Além disso, depende igualmente do contexto. Na minha linguagem do dia-a-dia, utilizo "ver", poderá haver alguma situação em que use "enxergar".


----------



## Lorena993

Tem uma canção do Erasmo Carlos que utiliza o verbo enxergar de maneira interessante. A música é "Mais um na multidão" e o trecho é:

Me cego
Te enxergo

Que quer dizer que ele fecha os olhos pra tudo e só vê, ou, no caso, enxerga, aquilo que lhe interessa, a pessoa amada. Então, acho que é como já foi colocado na discussão, enxergar e olhar com atenção, escolher o que ver. Eu, pelo menos, uso muito o verbo no sentido de 'perceber'. Por exemplo: "Será que ele não enxerga que está estragando a própria vida?" ou "Não é possível que ele não esteja enxergando a furada em que está se metendo"


​


----------



## cordobes82

XiaoRoel said:


> Contemplar tamén existe, claro está, en galego estándar. É un cultismo latino, común a galego, español e portugués (por só falarmos en linguas hispánicas centro-ocidentais).
> O galego é o portugués, tén sempre os mesmo fenómenos, pero espallados, diatópica e diasstráticamente, ás veces de diferentes maneiras. Xa 3eite de Vasconcelos achou este fenómeno e construíu a súa teoría dos co-dialectos. Hoxe esta teoría revelouse como non científica, pero para non expertos é unha explicación que dá muita luminosidade sobre tema dos dialectos do latín no Atlántico peninsular.
> Un saúdo.
> _P. D._:Tamén eu cando non enxergo ben teño que ir ao oculista.
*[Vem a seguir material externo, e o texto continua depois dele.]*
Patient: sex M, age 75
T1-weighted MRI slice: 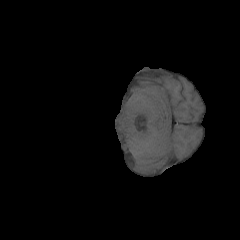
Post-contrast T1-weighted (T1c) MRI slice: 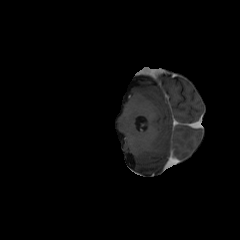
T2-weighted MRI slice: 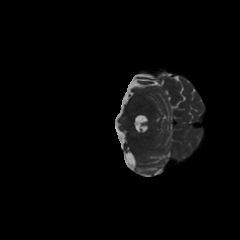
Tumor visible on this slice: no
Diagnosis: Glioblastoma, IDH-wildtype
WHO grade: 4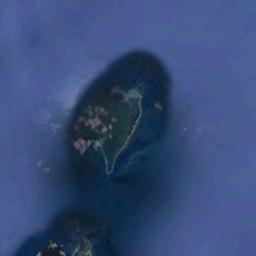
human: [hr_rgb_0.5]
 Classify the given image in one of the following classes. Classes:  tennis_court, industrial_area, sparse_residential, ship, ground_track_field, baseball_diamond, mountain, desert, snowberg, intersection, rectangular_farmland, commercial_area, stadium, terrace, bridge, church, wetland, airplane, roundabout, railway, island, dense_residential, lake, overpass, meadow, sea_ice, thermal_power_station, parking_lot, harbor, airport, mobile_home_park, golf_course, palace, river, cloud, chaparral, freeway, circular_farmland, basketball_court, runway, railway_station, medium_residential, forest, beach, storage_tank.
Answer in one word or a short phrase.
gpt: island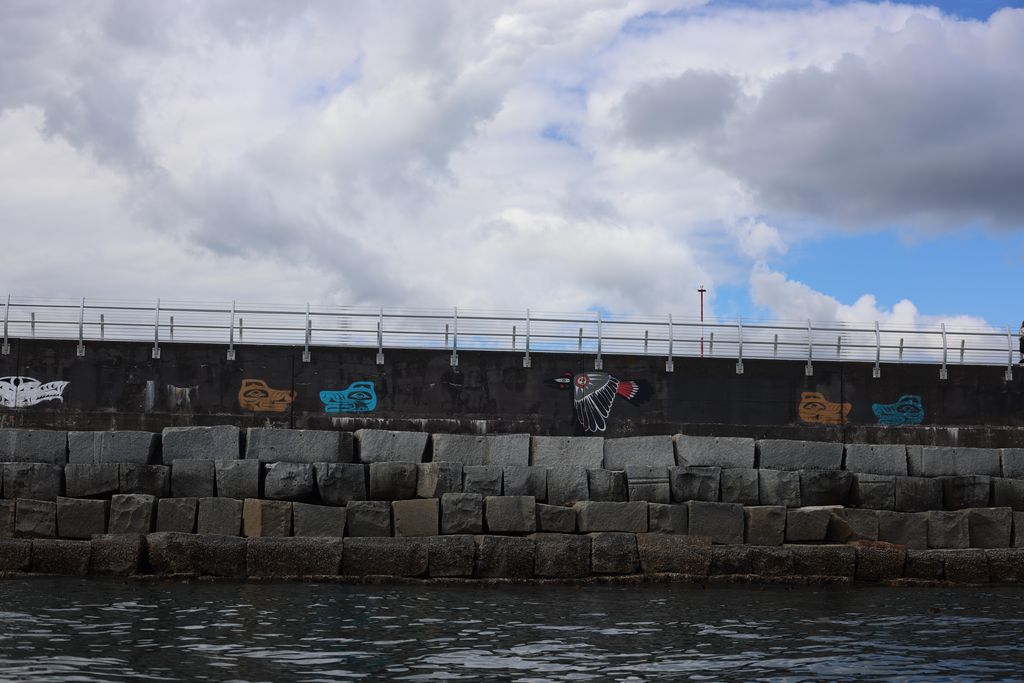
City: victoria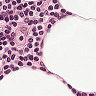
Metastatic tissue present: no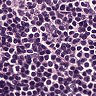
Metastatic tissue present: no
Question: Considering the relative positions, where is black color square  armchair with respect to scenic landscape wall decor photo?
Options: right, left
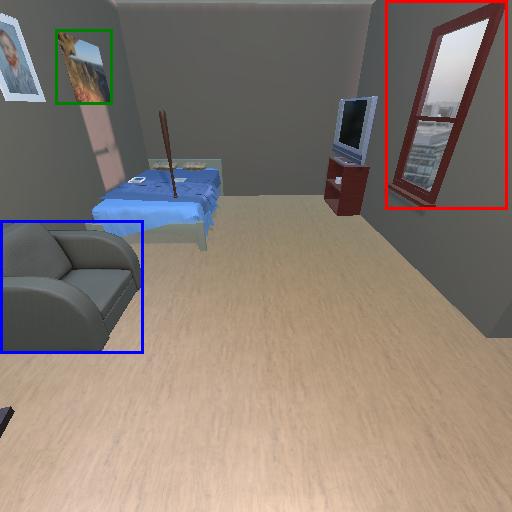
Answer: right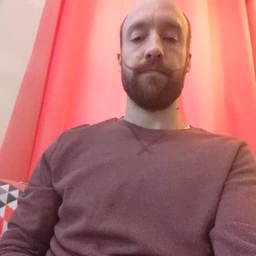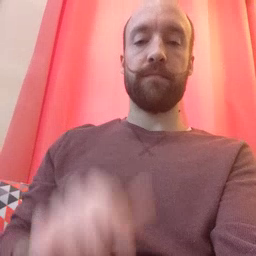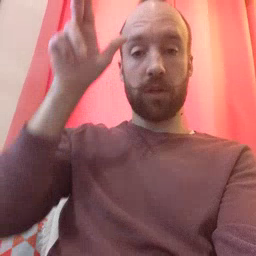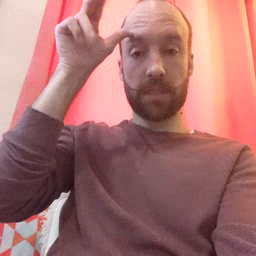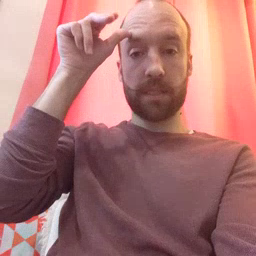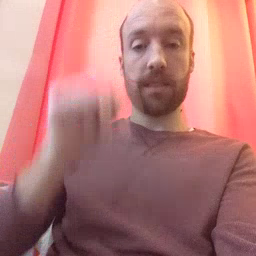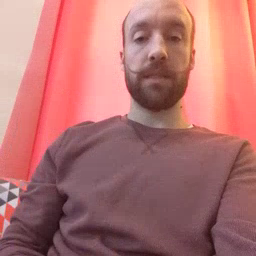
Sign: horse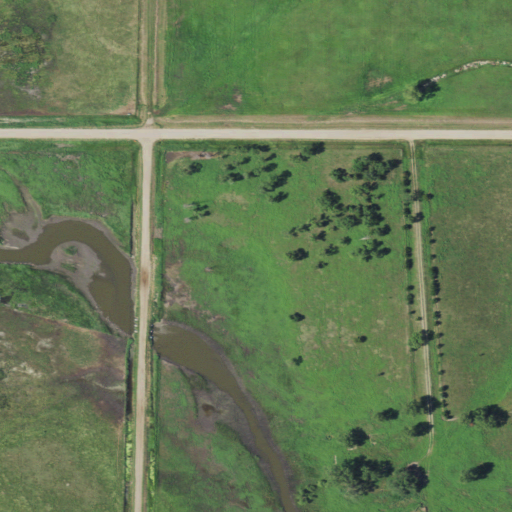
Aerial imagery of plain(s) in South Dakota named Coteau des Prairies containing pasture, grassland, open development, low intensity development, and herbaceous wetlands
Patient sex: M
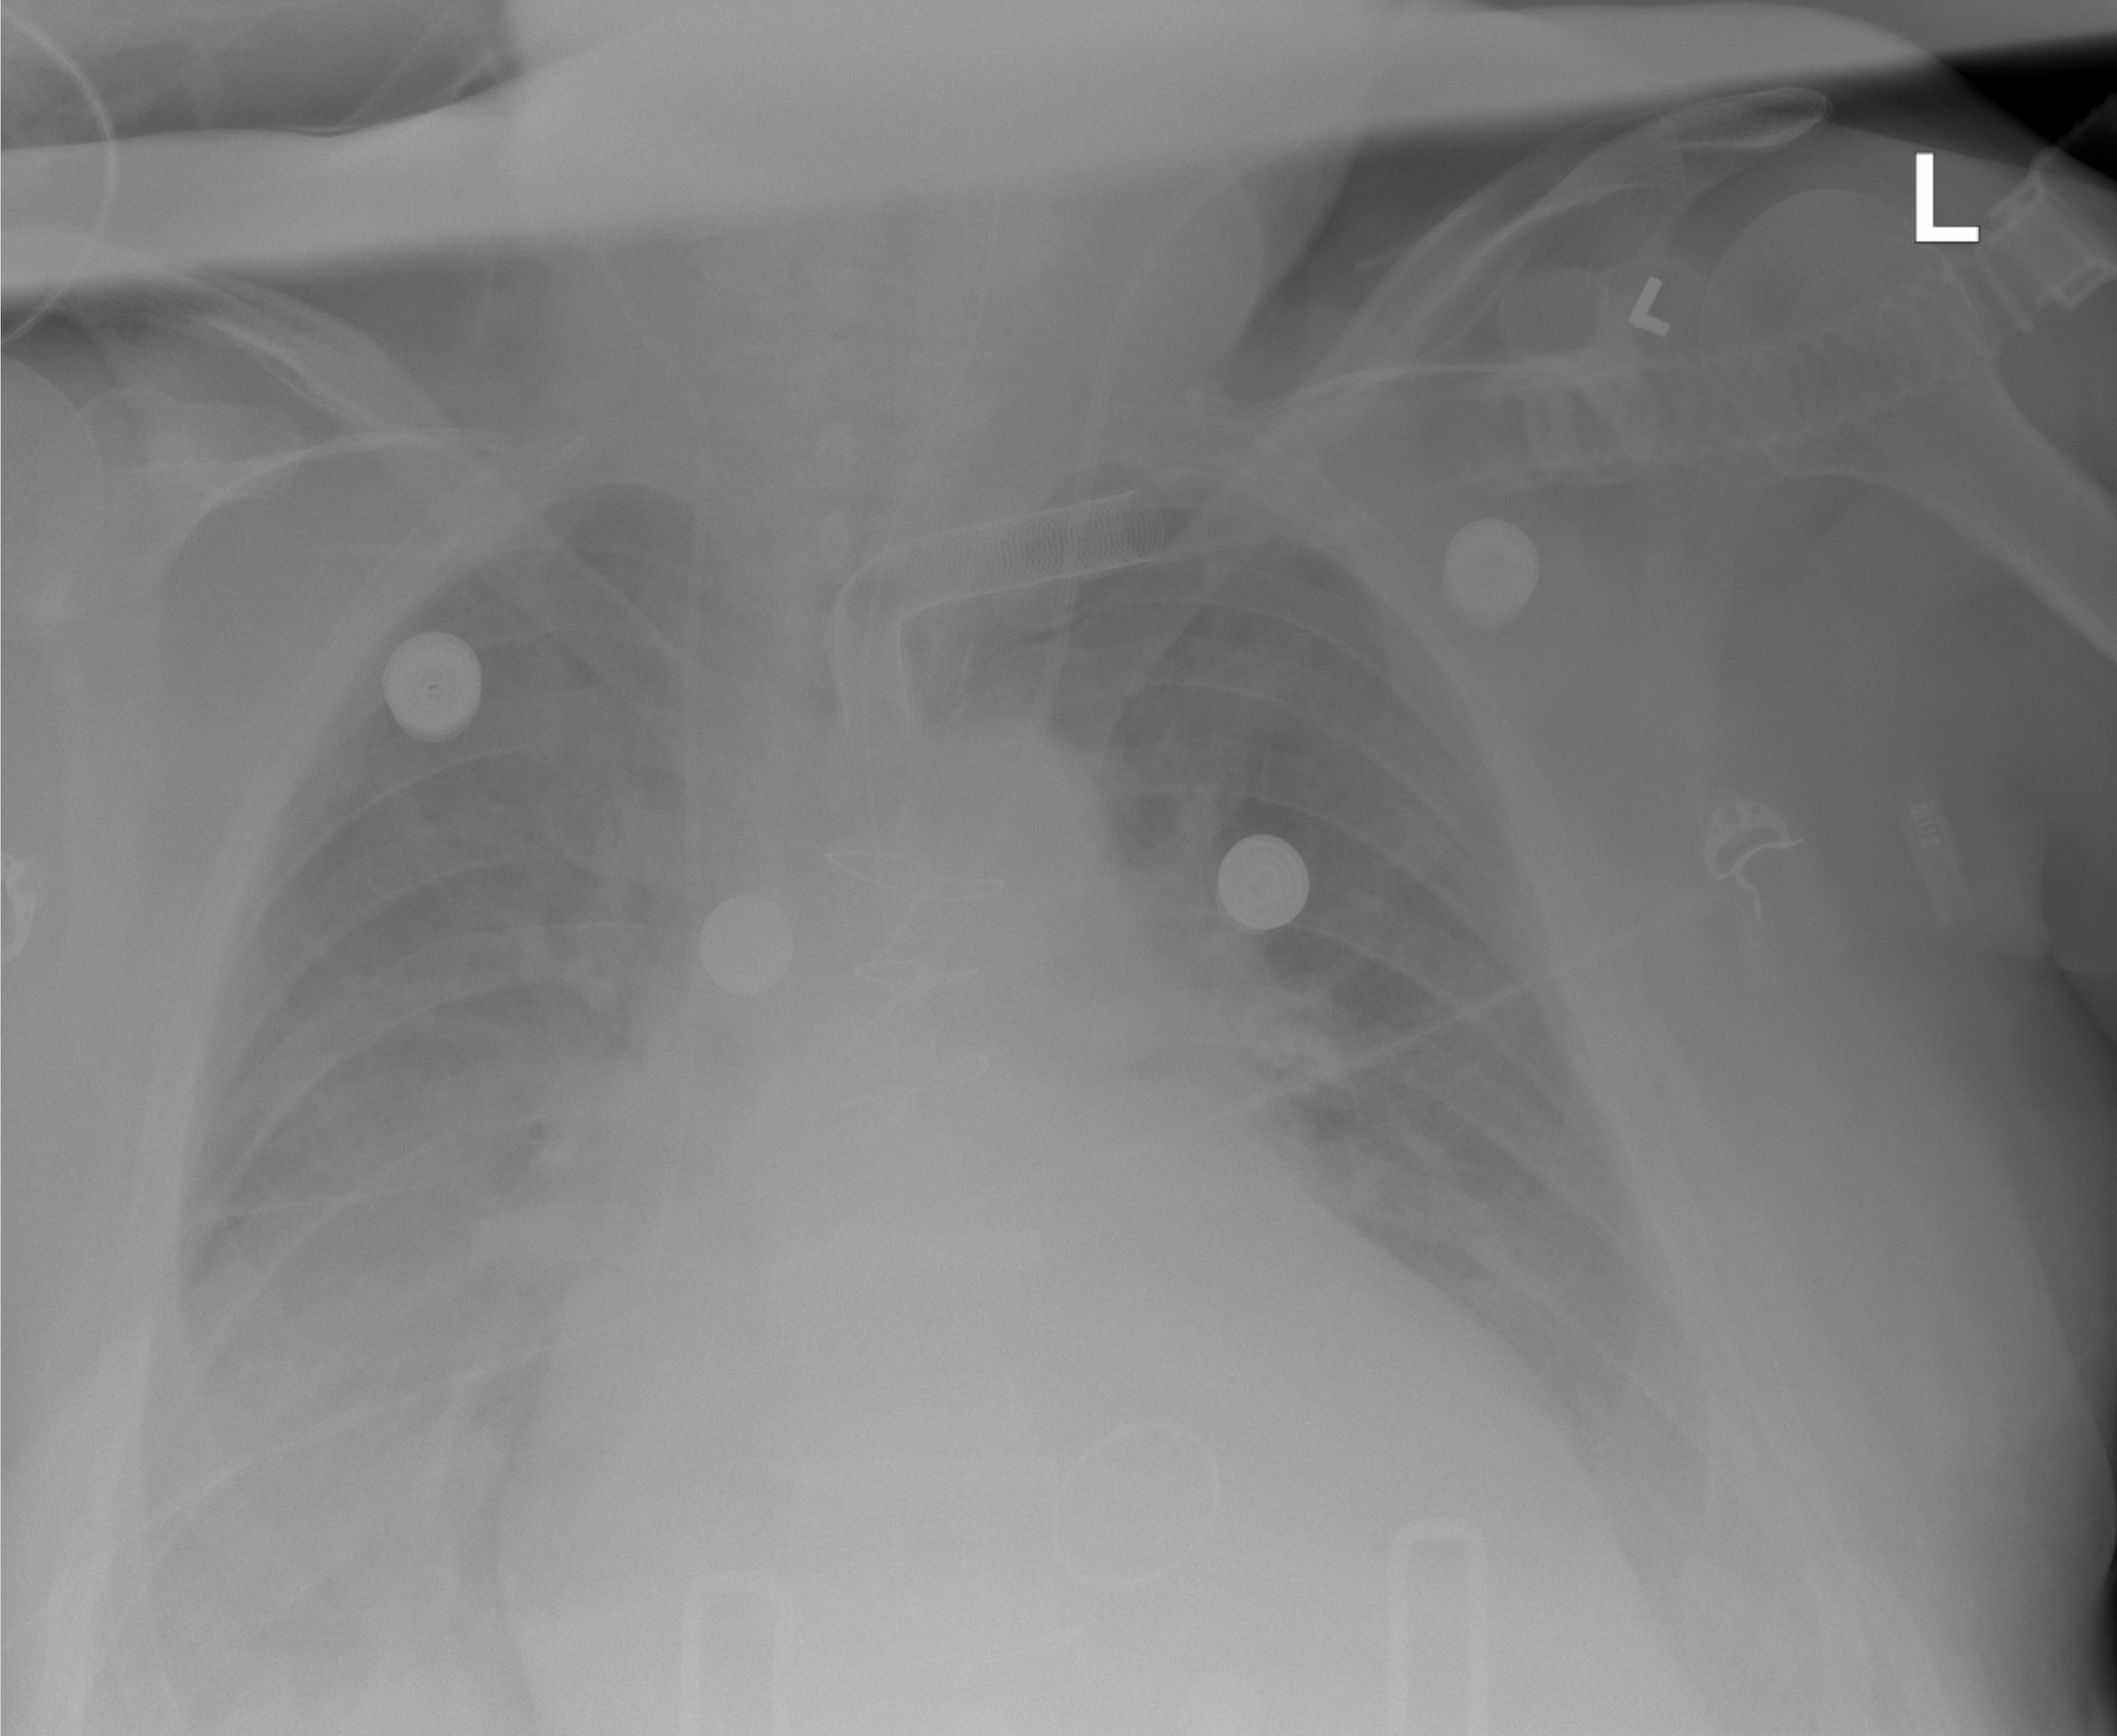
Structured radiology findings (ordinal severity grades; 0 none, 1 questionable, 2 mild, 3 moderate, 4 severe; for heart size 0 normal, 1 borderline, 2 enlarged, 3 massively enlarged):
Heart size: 3
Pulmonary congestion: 2
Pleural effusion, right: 3
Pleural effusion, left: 3
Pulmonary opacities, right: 0
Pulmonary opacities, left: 0
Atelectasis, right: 3
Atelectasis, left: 2
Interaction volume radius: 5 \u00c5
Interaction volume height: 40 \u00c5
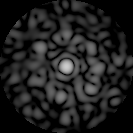
Disorder parameter: 0.8131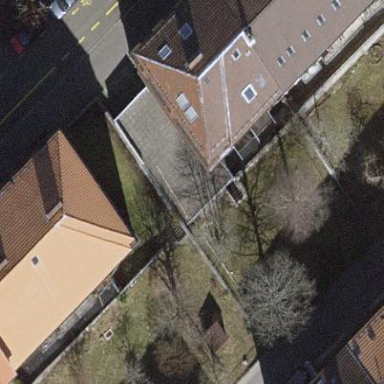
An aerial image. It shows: Flat-roofed garage.
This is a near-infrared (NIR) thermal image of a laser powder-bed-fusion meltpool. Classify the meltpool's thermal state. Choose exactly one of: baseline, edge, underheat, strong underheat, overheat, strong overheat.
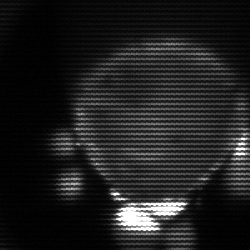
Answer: edge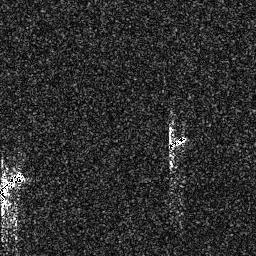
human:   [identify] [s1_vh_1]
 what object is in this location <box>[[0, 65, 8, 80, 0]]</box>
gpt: <ref>1 medium ship at the bottom left</ref>

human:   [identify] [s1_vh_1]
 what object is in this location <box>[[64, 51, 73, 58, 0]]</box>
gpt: <ref>1 small ship at the center</ref>
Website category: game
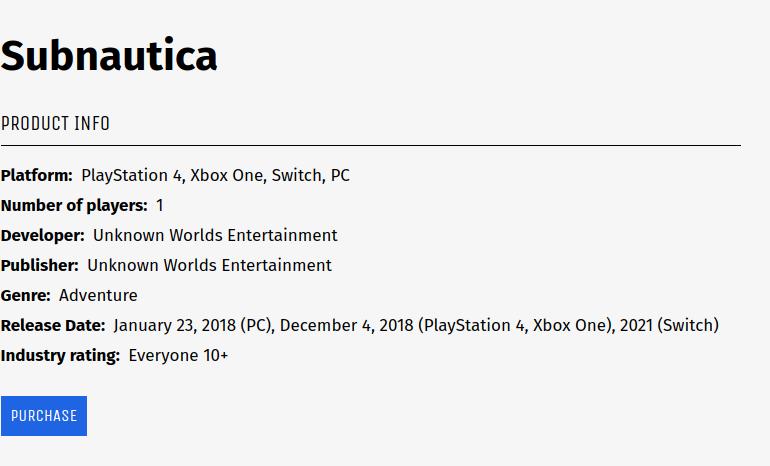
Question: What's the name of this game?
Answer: Subnautica

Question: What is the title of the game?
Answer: Subnautica

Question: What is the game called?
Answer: Subnautica

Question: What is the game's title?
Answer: Subnautica

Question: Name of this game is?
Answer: Subnautica

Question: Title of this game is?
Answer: Subnautica

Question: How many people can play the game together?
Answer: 1

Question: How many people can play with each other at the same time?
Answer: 1

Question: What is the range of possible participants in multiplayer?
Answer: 1

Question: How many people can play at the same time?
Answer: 1

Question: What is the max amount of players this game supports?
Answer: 1

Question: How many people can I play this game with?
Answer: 1

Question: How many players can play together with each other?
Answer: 1

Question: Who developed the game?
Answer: Unknown Worlds Entertainment

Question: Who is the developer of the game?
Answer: Unknown Worlds Entertainment

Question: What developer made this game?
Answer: Unknown Worlds Entertainment

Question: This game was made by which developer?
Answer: Unknown Worlds Entertainment

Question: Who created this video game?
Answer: Unknown Worlds Entertainment

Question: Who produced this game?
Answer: Unknown Worlds Entertainment

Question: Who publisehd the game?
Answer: Unknown Worlds Entertainment

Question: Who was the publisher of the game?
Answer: Unknown Worlds Entertainment

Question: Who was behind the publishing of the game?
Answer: Unknown Worlds Entertainment

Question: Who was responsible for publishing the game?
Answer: Unknown Worlds Entertainment

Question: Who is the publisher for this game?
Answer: Unknown Worlds Entertainment

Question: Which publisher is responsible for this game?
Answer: Unknown Worlds Entertainment

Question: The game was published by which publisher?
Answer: Unknown Worlds Entertainment

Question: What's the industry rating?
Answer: Everyone 10+

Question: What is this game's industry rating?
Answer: Everyone 10+

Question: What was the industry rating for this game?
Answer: Everyone 10+

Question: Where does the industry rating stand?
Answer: Everyone 10+

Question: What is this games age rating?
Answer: Everyone 10+

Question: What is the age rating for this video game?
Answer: Everyone 10+

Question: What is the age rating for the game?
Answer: Everyone 10+

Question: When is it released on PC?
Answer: January 23, 2018

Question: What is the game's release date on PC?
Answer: January 23, 2018

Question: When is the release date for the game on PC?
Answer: January 23, 2018

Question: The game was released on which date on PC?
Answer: January 23, 2018

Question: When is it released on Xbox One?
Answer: December 4, 2018

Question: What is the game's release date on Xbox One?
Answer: December 4, 2018

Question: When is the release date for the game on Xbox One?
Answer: December 4, 2018

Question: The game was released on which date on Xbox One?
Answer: December 4, 2018

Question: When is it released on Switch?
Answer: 2021

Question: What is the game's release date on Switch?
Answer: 2021

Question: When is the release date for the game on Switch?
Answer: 2021

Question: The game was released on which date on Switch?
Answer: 2021

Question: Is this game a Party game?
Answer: no

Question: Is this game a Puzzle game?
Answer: no

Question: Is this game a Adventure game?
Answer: yes

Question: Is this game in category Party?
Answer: no

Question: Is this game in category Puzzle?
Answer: no

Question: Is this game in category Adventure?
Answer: yes

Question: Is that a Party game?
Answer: no

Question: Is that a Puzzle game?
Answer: no

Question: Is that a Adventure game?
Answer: yes

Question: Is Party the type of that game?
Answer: no

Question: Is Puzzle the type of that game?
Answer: no

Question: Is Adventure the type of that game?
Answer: yes

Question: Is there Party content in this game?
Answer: no

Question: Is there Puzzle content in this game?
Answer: no

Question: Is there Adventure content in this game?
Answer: yes

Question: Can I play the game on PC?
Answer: yes

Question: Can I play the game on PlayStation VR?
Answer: no

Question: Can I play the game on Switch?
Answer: yes

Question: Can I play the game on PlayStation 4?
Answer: yes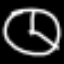
Label: clock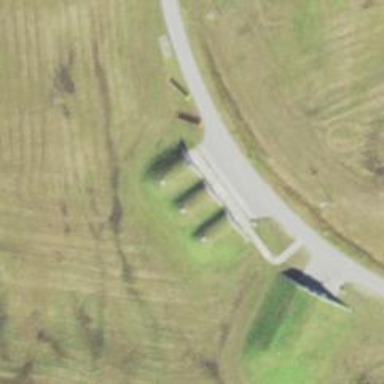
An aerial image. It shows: Military bunker.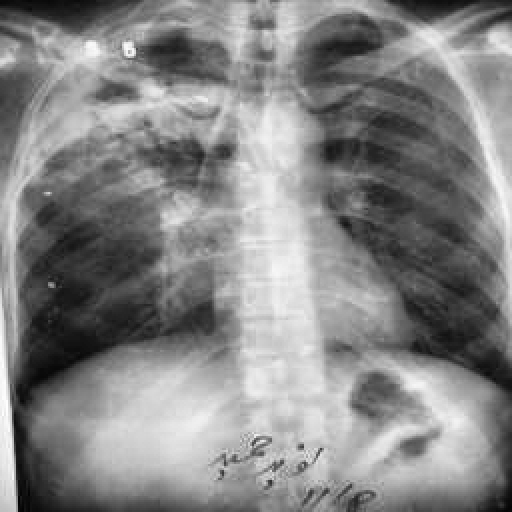
Finding: TUBERCULOSIS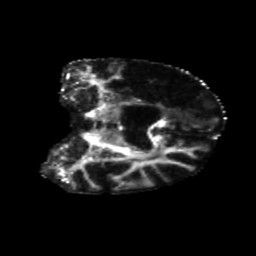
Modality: FA
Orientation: coronal
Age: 68
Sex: male
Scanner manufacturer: siemens
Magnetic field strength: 3 T
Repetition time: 5.25 s
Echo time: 0.08 s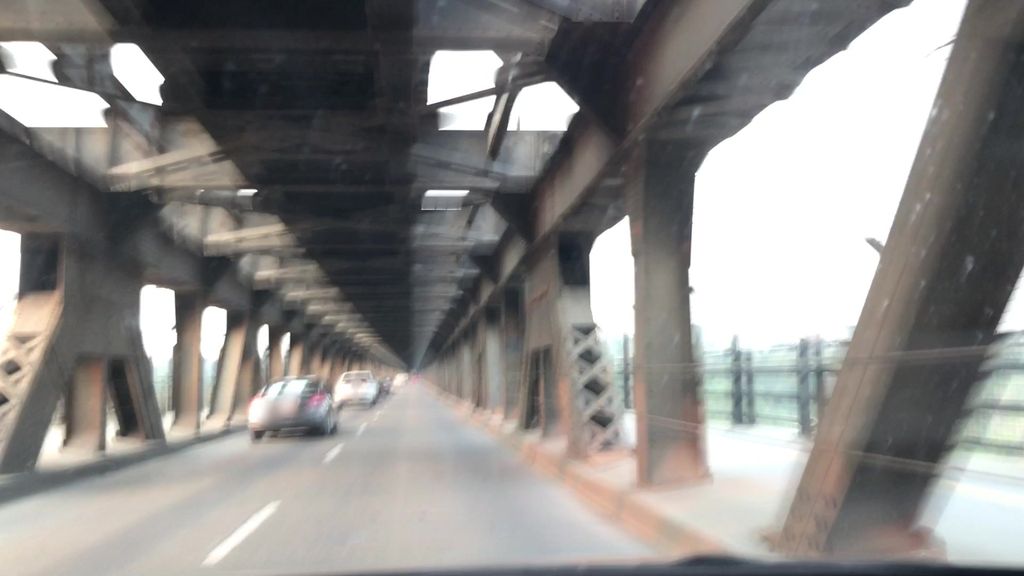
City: edmonton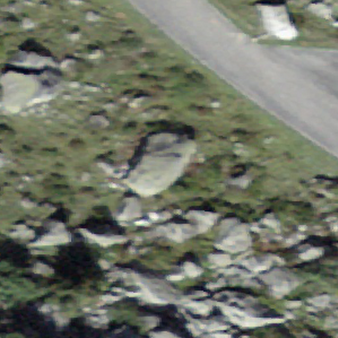
Label: bouldering_area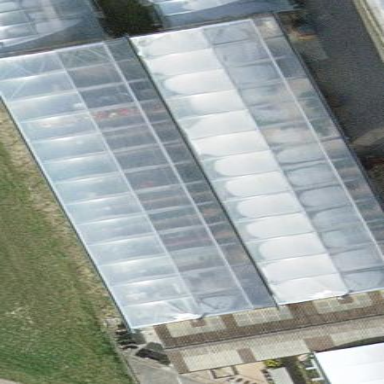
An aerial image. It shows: Greenhouse.

Xiao, respeto tu gusto por el idioma gallego, pero la verdad es que esta sección del foro es "Portugués-Castellano", y al ser el gallego tan parecido a ambos, puede llegar a confundir a algunos. 
Además, no es pertinente "exponer" el idioma todo el tiempo ni tampoco ejemplificar en gallego cada cosa que se diga acá. Está bien que lo digas como una curiosidad cuando sea relevante hacerlo, pero resulta molesto cuando no tiene nada que ver con el asunto tratado.

Gracias


----------



## WhoSoyEu

Cordobés:

Há um bom número de foristas, dentre os quais me incluo, que querem a inclusão do gallego neste Foro. Já houve bastante discussão a respeito, e se você procurar, poderá achá-la.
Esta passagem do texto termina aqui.